* [What you are asked to do]:
Each line below must be transcribed exactly, and no picture may appear in the transcription.

* [Data excerpts]:
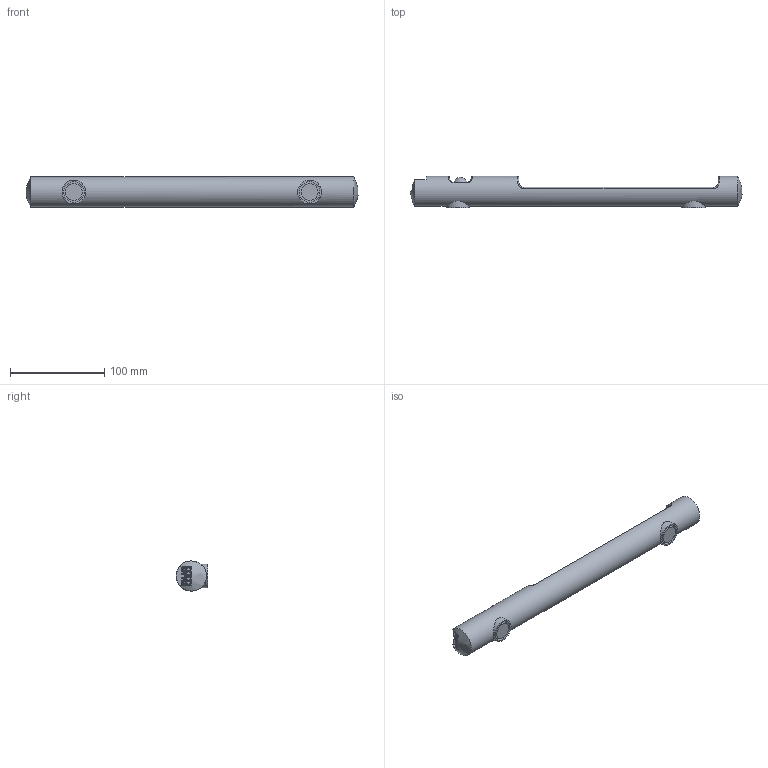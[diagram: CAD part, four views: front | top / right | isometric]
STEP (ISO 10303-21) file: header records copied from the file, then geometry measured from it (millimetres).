
FILE_DESCRIPTION(('STEP AP203'), '1');
FILE_NAME('LDN-1012', '2022-12-21T12:16:22', (''), (''), 'C3D Converter', 'C3D Toolkit', '');
FILE_SCHEMA(('CONFIG_CONTROL_DESIGN'));
Length unit declared in the file: millimetre
Products named in the file (2): 1; 040012_LK_980-01-2
Assembly tree (1 placements, depth 2):
  1
    040012_LK_980-01-2
Bounding box: 352.06 x 33.29 x 32 mm (x, y, z)
Volume: 219058.4 mm3; surface area: 37366.7 mm2
Topology: 1 solids, 3 shells, 287 faces, 752 edges, 478 vertices
Faces by surface type: plane 126, cylinder 82, bspline 42, torus 22, cone 10, sphere 5
Full cylindrical faces by diameter (mm): 16 x1, 18 x2, 21.971 x2, 25.019 x2, 32.004 x1
Entity records: 17963 total; most frequent: CARTESIAN_POINT 9020, ORIENTED_EDGE 1480, DIRECTION 1189, EDGE_CURVE 740, VERTEX_POINT 478, AXIS2_PLACEMENT_3D 412, LINE 365, VECTOR 365

* [Exercise answer]:
[diagram: CAD part, four views: front | top / right | isometric]
STEP (ISO 10303-21) file: header records copied from the file, then geometry measured from it (millimetres).
FILE_DESCRIPTION(('STEP AP203'), '1');
FILE_NAME('LDN-1012', '2022-12-21T12:16:22', (''), (''), 'C3D Converter', 'C3D Toolkit', '');
FILE_SCHEMA(('CONFIG_CONTROL_DESIGN'));
Length unit declared in the file: millimetre
Products named in the file (2): 1; 040012_LK_980-01-2
Assembly tree (1 placements, depth 2):
  1
    040012_LK_980-01-2
Bounding box: 352.06 x 33.29 x 32 mm (x, y, z)
Volume: 219058.4 mm3; surface area: 37366.7 mm2
Topology: 1 solids, 3 shells, 287 faces, 752 edges, 478 vertices
Faces by surface type: plane 126, cylinder 82, bspline 42, torus 22, cone 10, sphere 5
Full cylindrical faces by diameter (mm): 16 x1, 18 x2, 21.971 x2, 25.019 x2, 32.004 x1
Entity records: 17963 total; most frequent: CARTESIAN_POINT 9020, ORIENTED_EDGE 1480, DIRECTION 1189, EDGE_CURVE 740, VERTEX_POINT 478, AXIS2_PLACEMENT_3D 412, LINE 365, VECTOR 365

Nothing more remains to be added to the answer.